二島中学時代から突出したテクニックで注目され、東福岡高校進学後は1年生時から攻撃の主軸として総体・選手権での全国4強進出に貢献。高校2年・3年時には世代別日本代表に選出され、アジアユース等の国際舞台を経験した。

高校3年時の1997年度には、東福岡高校の主将・背番号10として公式戦52試合無敗(49勝3分)での「高校三冠」(インターハイ・全日本ユース・選手権)を完全制覇。高校サッカー界の頂点に君臨し、大会終了後には日本高校選抜の主将として欧州遠征に参加。国内外のプロスカウトから絶大な争奪戦が繰り広げられた末、鹿島アントラーズへの加入を果たした。

卒業後の進路

大学

該当なし(鹿島アントラーズへ加入)

プロ

  • 鹿島アントラーズ(1998年 – 2015年)
  • ギラヴァンツ北九州(2016年 – 2019年)
  • ケランタン・ユナイテッド(マレーシア / 2021年 – 2022年)

日本代表

サッカー日本代表(A代表)(2000年 – 2006年 / 国際Aマッチ28試合0得点、2004年アジアカップ優勝)、U-20日本代表(1999年ワールドユース準優勝・大会ベストイレブン)、U-23日本代表(2000年シドニー五輪8強)

卒業後のキャリアの総評

1998年に鹿島アントラーズへ加入後、1999年のFIFAワールドユース・ナイジェリア大会で「黄金世代」の左ウイングとして大旋風を巻き起こし、世界準優勝および大会ベストイレブン(優秀選手)に選出された。
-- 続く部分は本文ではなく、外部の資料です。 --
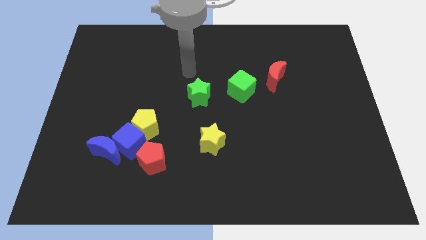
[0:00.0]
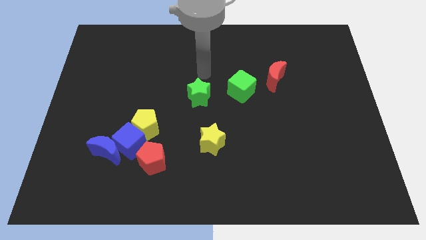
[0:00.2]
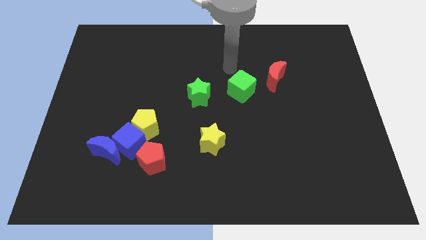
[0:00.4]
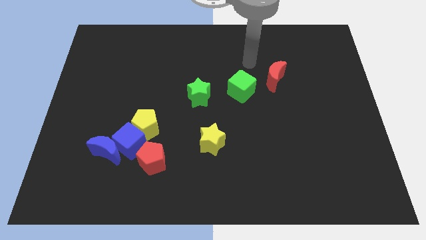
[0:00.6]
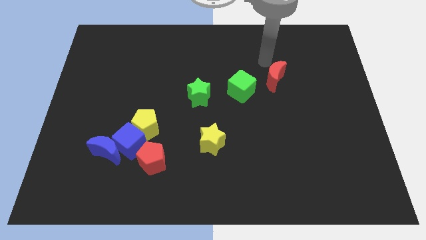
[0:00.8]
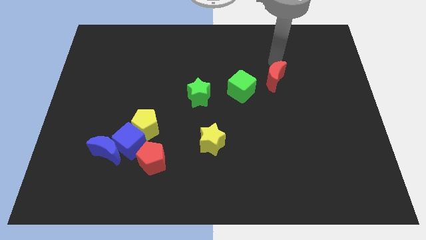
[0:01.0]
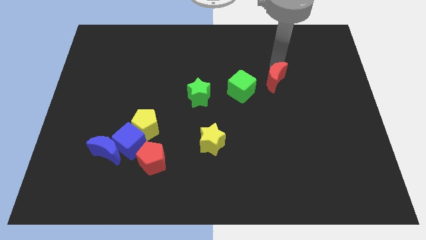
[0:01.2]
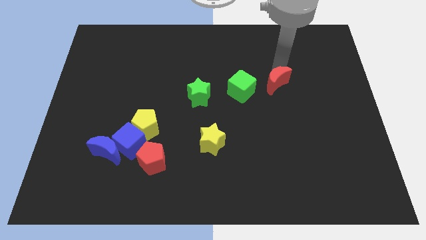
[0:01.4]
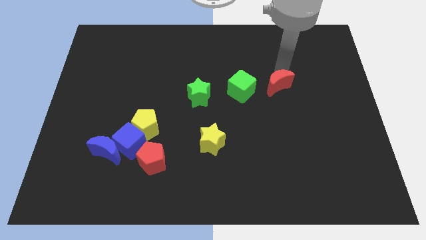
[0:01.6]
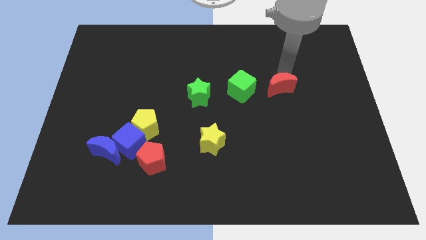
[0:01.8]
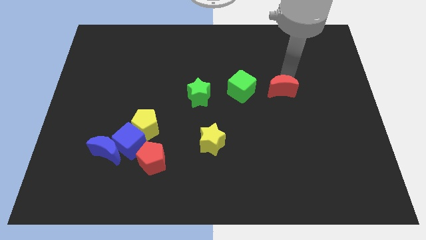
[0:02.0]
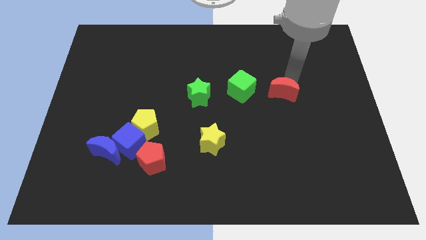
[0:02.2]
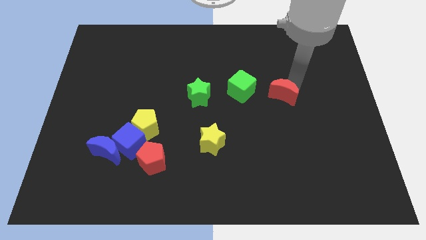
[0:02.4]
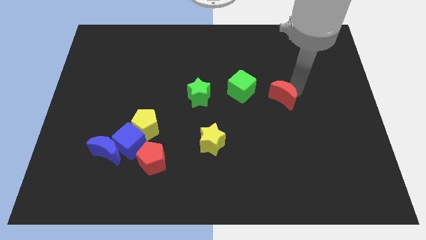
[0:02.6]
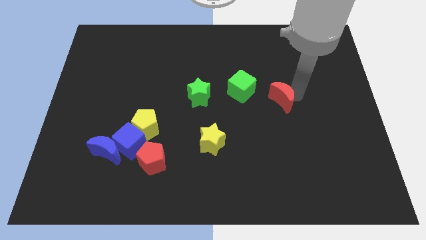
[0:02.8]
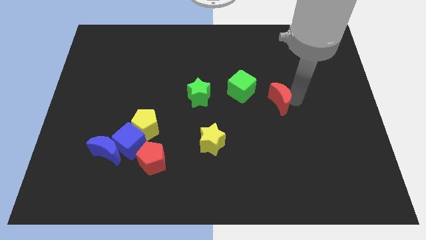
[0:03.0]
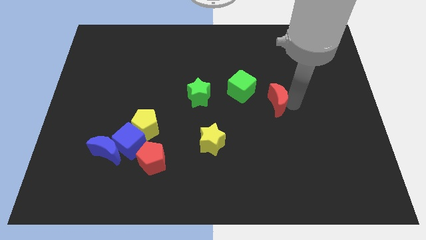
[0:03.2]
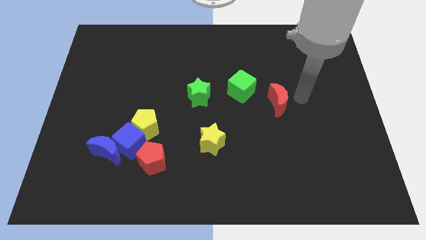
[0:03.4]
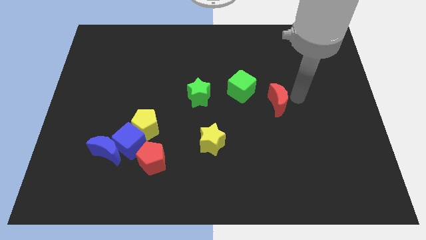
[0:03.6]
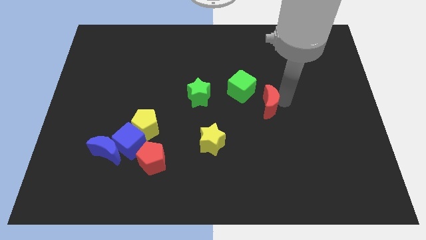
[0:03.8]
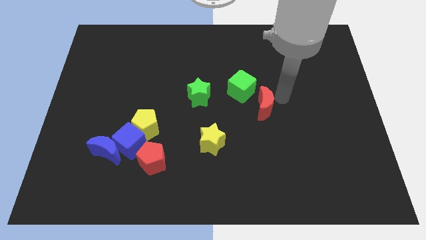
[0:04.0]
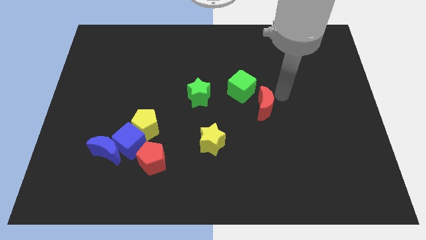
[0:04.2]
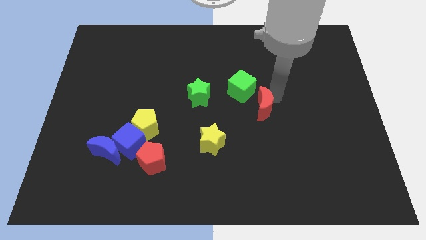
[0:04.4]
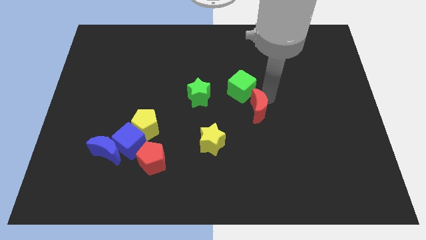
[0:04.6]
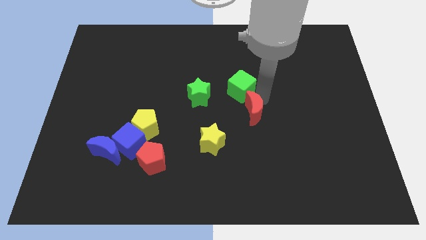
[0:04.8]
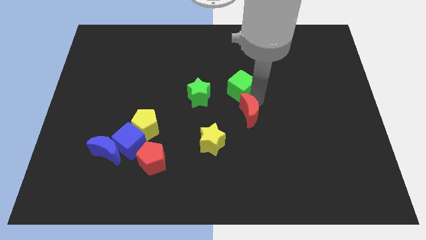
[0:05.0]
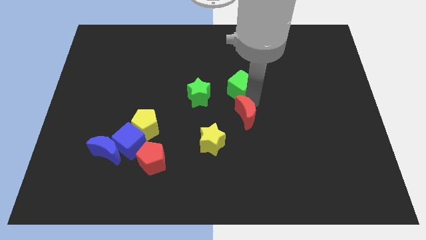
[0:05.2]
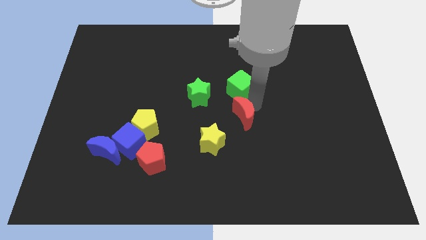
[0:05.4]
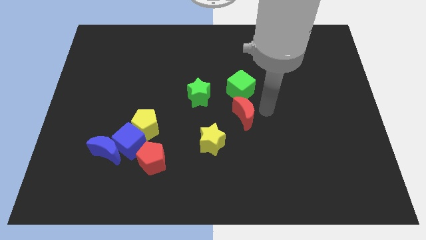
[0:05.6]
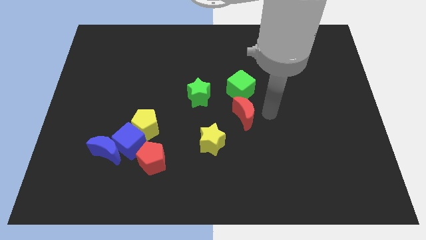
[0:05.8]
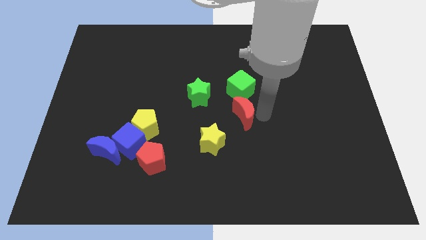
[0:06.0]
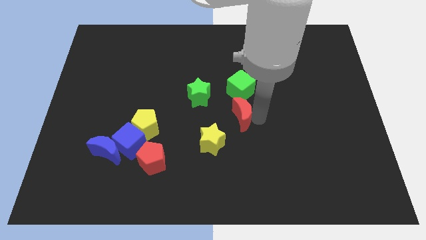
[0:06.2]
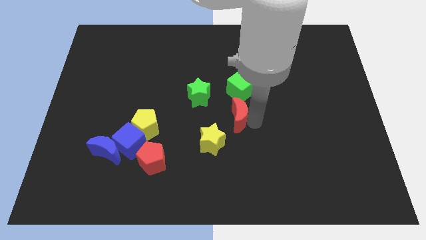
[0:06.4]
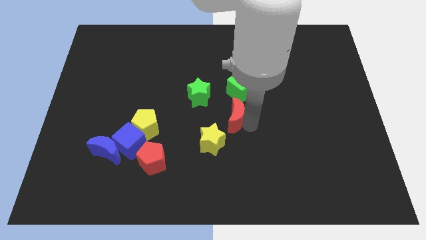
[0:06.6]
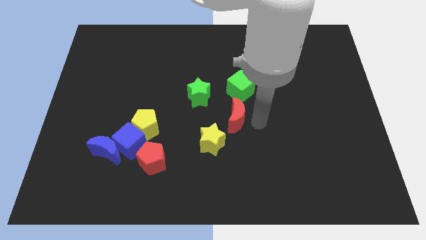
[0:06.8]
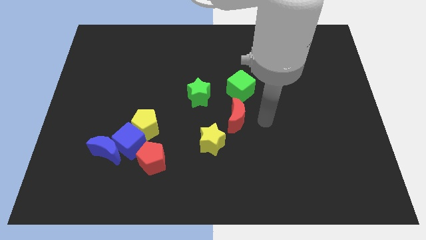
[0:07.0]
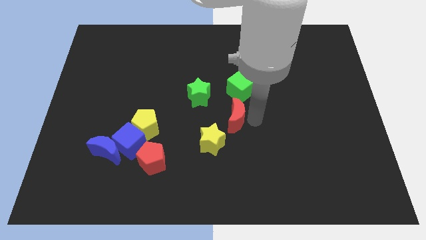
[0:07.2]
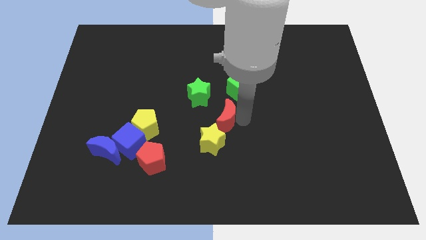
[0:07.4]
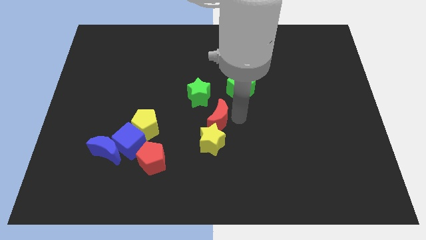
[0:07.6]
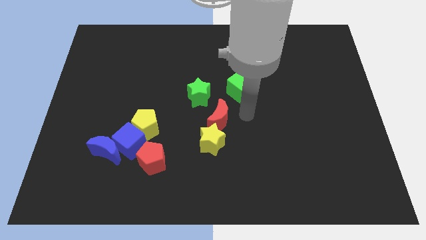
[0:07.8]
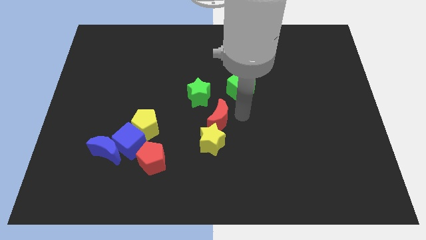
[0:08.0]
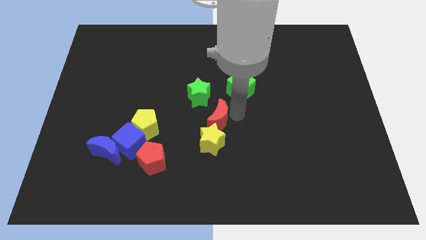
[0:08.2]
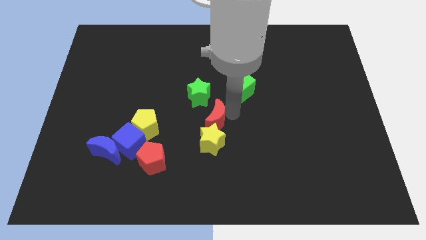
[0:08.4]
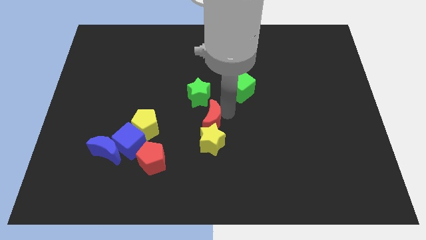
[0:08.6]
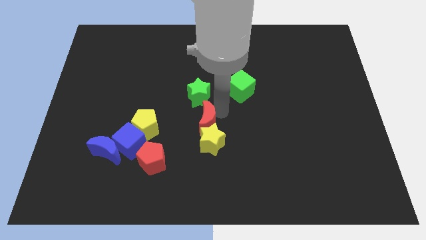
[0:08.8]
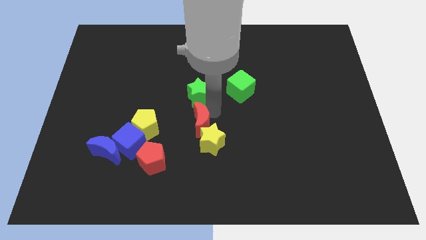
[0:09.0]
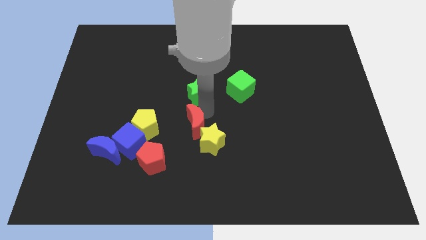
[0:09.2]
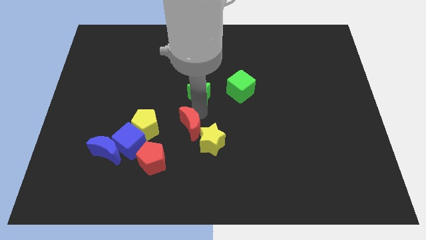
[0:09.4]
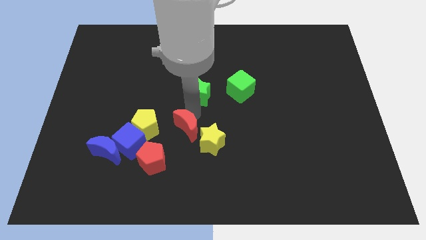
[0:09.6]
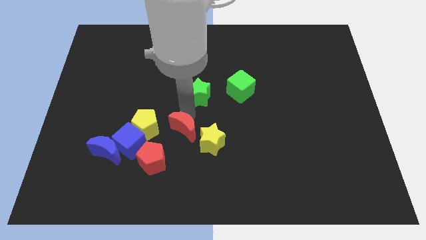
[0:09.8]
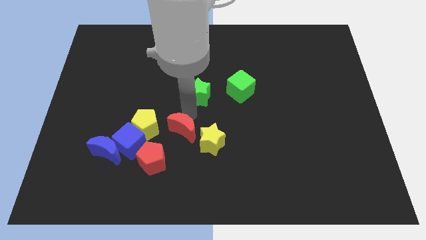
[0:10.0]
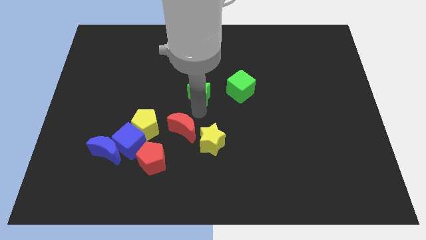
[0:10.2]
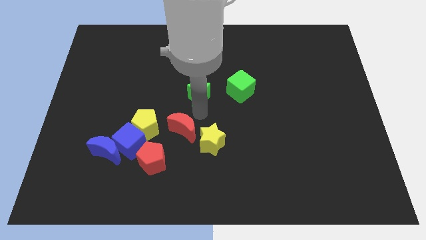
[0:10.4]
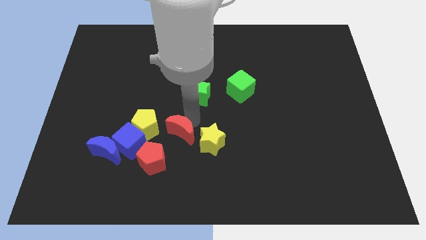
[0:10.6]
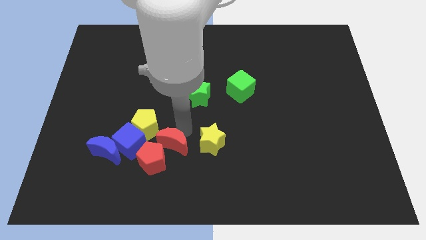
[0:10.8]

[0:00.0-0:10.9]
put the red moon next to the red pentagon

鹿島ではジーコ、ビスマルクらが背負った伝統の「背番号10」を受け継ぎ、抜群のキープ力とラストパスで攻撃を牽引。J1リーグ3連覇(2007年〜2009年)や3冠達成(2000年)など、クラブ歴代最多となる数々のタイトル獲得に大きく貢献した。

晩年は地元・ギラヴァンツ北九州やマレーシアのクラブでプレーを続け、43歳まで現役を全う。引退後は鹿島のアカデミースカウトとして後進の育成・発掘に情熱を注いでいる。